What you have to do:
Check each line of the entries. Copy the ones that contain the string "http".

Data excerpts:
════════════════

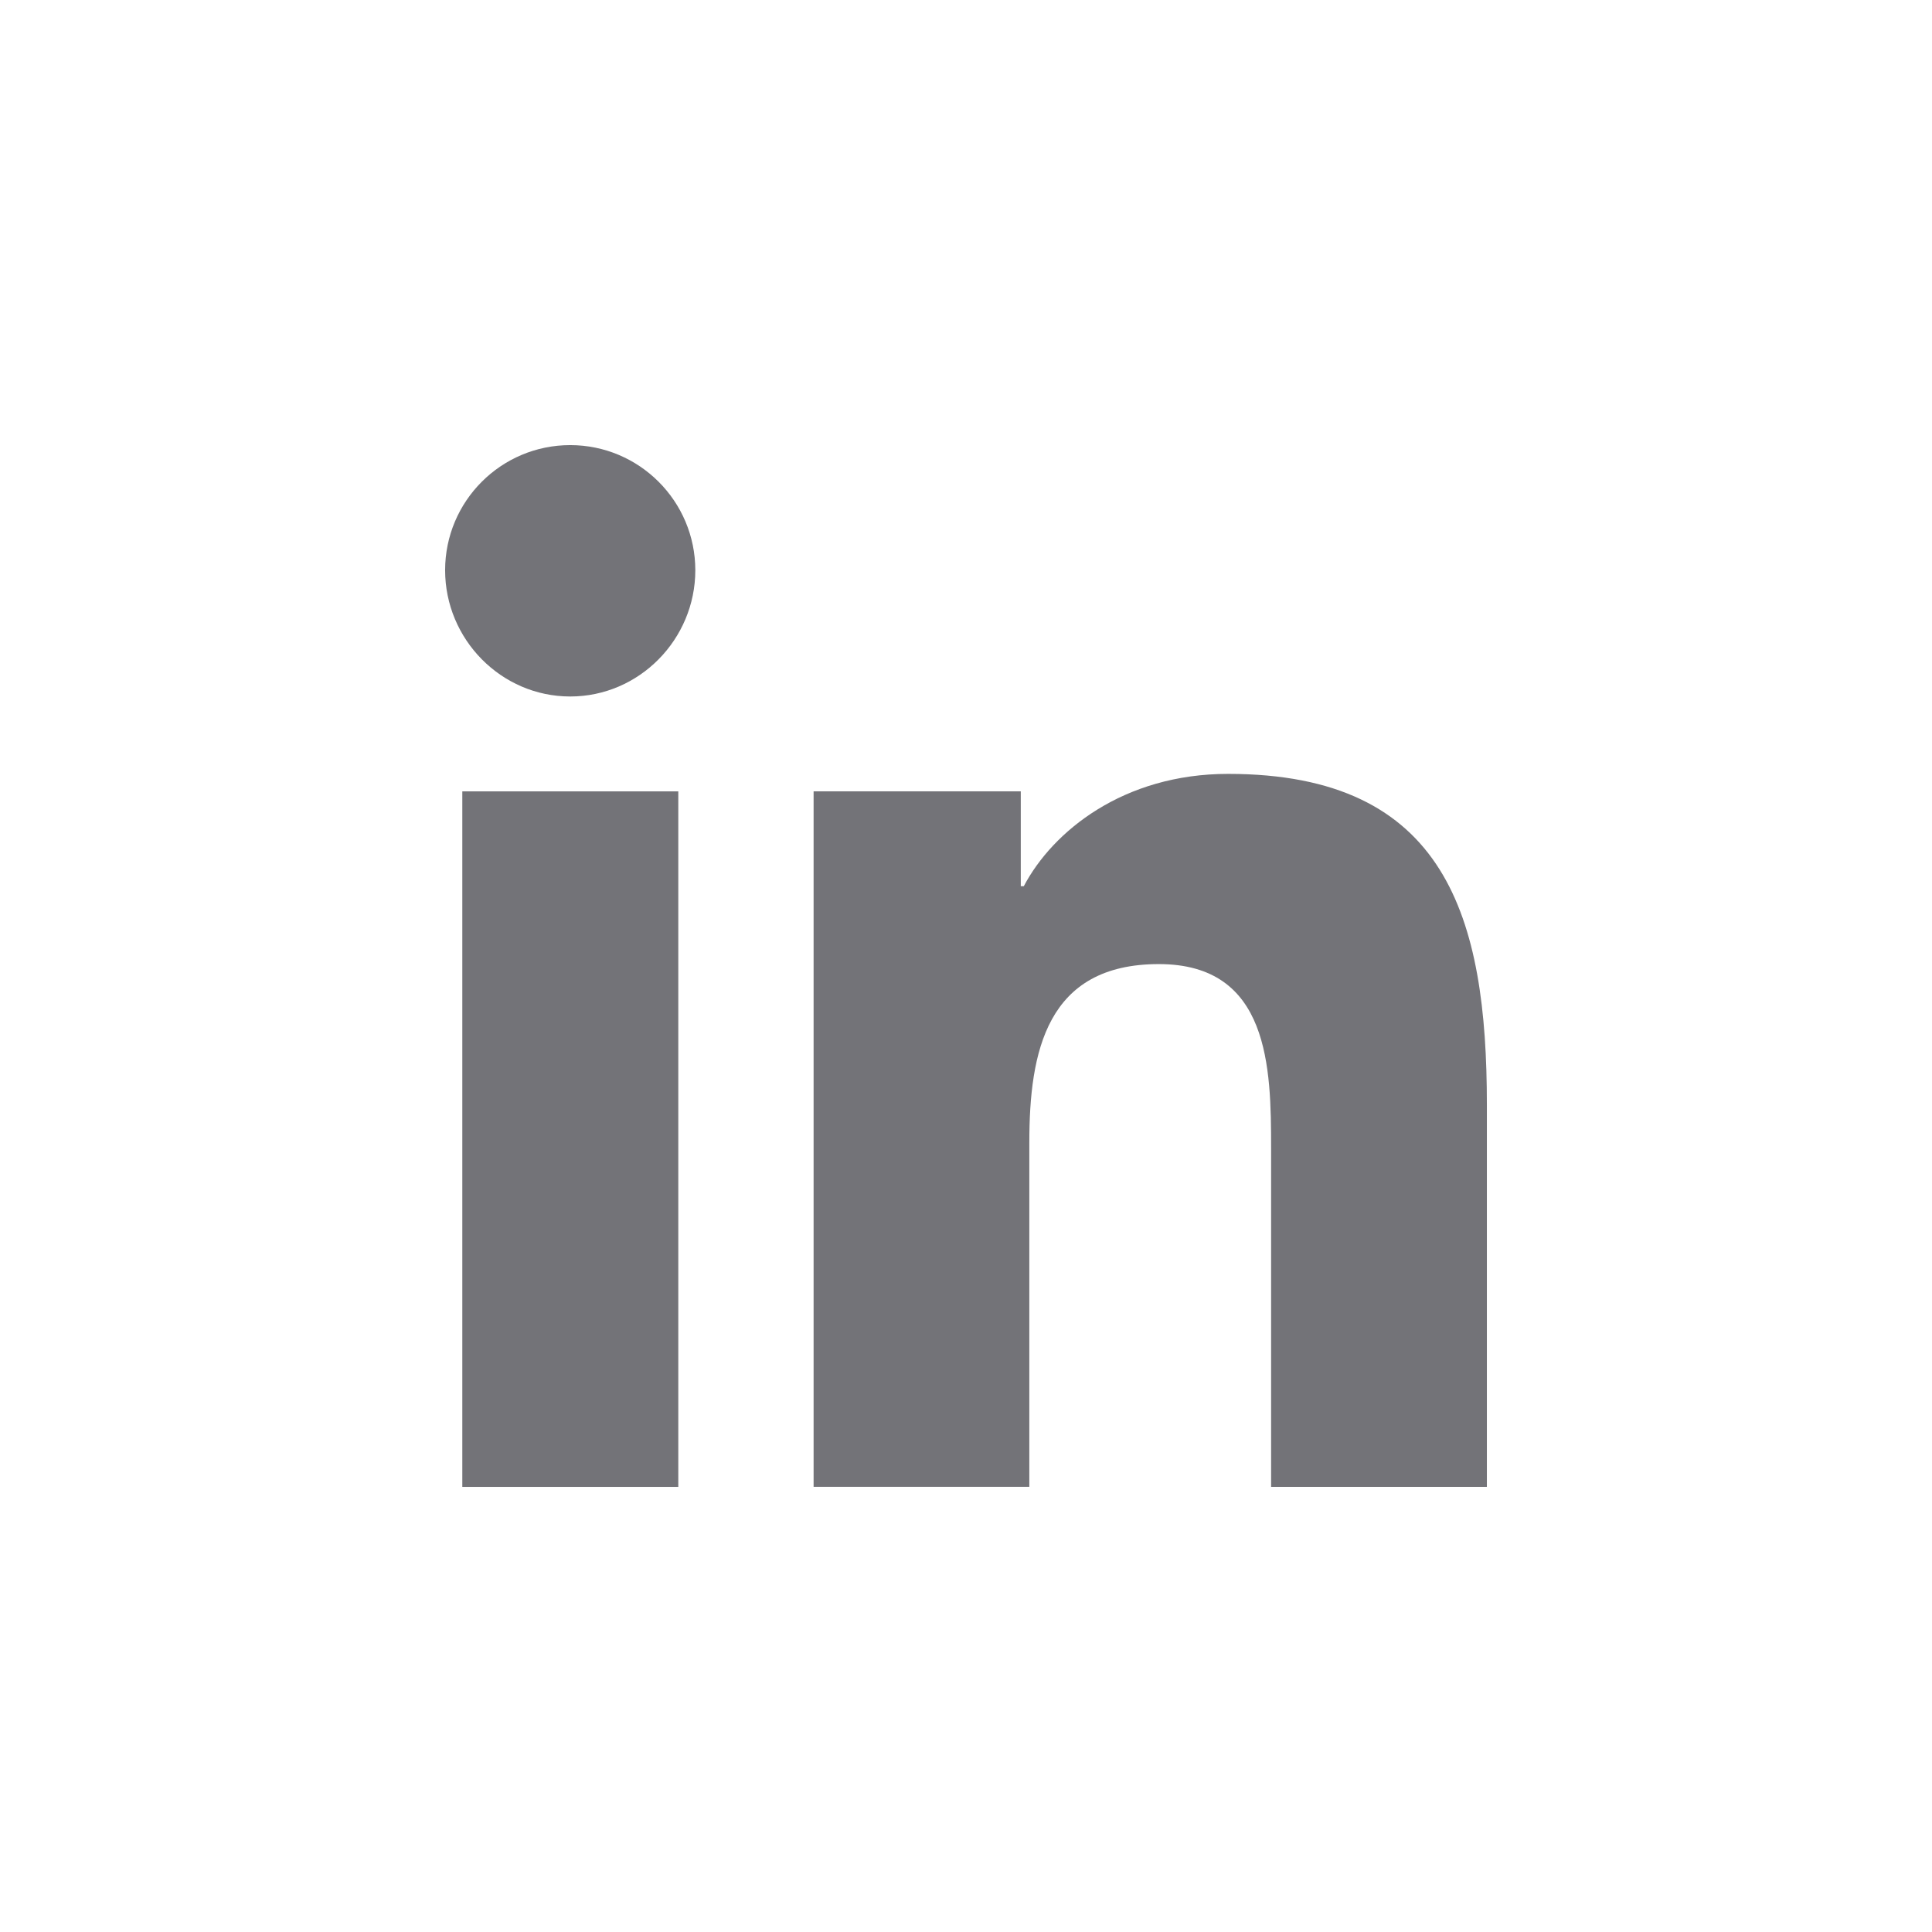 <?xml version="1.0" encoding="utf-8"?>
<!-- Generator: Adobe Illustrator 17.0.0, SVG Export Plug-In . SVG Version: 6.00 Build 0)  -->
<!DOCTYPE svg PUBLIC "-//W3C//DTD SVG 1.1//EN" "http://www.w3.org/Graphics/SVG/1.1/DTD/svg11.dtd">
<svg version="1.1" id="Capa_1" xmlns="http://www.w3.org/2000/svg" xmlns:xlink="http://www.w3.org/1999/xlink" x="0px" y="0px"
	 width="612px" height="612px" viewBox="0 0 612 612" enable-background="new 0 0 612 612" xml:space="preserve">
<g>
	<g>
		<path fill="#737378" d="M470.917,471v-0.014H471V349.959c0-59.207-12.746-104.816-81.964-104.816
			c-33.275,0-55.605,18.26-64.721,35.571h-0.962V250.67h-65.629v220.316h68.337V361.894c0-28.724,5.445-56.499,41.016-56.499
			c35.049,0,35.571,32.78,35.571,58.341V471L470.917,471z"/>
		<path fill="#737378" d="M146.445,250.684h68.42V471h-68.42V250.684z"/>
		<path fill="#737378" d="M180.628,141C158.751,141,141,158.751,141,180.628s17.751,39.999,39.627,39.999
			s39.628-18.122,39.628-39.999C220.241,158.751,202.49,141,180.628,141z"/>
	</g>
</g>
</svg>

════════════════

Answer to this problem:
<!DOCTYPE svg PUBLIC "-//W3C//DTD SVG 1.1//EN" "http://www.w3.org/Graphics/SVG/1.1/DTD/svg11.dtd">
<svg version="1.1" id="Capa_1" xmlns="http://www.w3.org/2000/svg" xmlns:xlink="http://www.w3.org/1999/xlink" x="0px" y="0px"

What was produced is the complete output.